Multiplicity issues in exploratory subgroup analysis.

J Biopharm Stat 2018 27;28(1):63-81. Epub 2017 Nov 27.

d QuintilesIMS, Advisory Analytics , Montreal , Québec , Canada.

The general topic of subgroup identification has attracted much attention in the clinical trial literature due to its important role in the development of tailored therapies and personalized medicine. Subgroup search methods are commonly used in late-phase clinical trials to identify subsets of the trial population with certain desirable characteristics. Post-hoc or exploratory subgroup exploration has been criticized for being extremely unreliable. Principled approaches to exploratory subgroup analysis based on recent advances in machine learning and data mining have been developed to address this criticism. These approaches emphasize fundamental statistical principles, including the importance of performing multiplicity adjustments to account for selection bias inherent in subgroup search.
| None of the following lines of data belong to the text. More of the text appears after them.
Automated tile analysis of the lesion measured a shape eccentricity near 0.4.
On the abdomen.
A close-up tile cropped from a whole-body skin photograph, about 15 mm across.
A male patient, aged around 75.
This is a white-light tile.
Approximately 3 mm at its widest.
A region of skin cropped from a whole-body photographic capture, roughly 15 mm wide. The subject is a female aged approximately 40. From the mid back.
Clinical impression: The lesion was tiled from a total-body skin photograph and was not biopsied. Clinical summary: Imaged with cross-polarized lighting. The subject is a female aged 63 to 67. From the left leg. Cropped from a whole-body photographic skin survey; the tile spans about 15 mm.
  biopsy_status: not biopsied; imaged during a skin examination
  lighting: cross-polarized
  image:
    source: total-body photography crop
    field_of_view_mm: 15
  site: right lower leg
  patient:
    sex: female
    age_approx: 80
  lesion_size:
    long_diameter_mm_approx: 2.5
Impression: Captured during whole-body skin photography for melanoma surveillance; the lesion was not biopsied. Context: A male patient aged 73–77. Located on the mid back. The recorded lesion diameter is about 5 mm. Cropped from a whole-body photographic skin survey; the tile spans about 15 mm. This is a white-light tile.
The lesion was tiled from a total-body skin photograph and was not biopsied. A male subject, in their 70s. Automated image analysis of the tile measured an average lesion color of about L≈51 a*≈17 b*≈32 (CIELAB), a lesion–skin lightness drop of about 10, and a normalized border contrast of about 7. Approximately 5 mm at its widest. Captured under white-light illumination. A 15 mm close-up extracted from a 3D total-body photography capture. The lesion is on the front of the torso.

This article provides a detailed review of multiplicity issues arising in exploratory subgroup analysis. Multiplicity corrections in the context of principled subgroup search will be illustrated using the family of SIDES (subgroup identification based on differential effect search) methods. A case study based on a Phase III oncology trial will be presented to discuss the details of subgroup search algorithms with resampling-based multiplicity adjustment procedures.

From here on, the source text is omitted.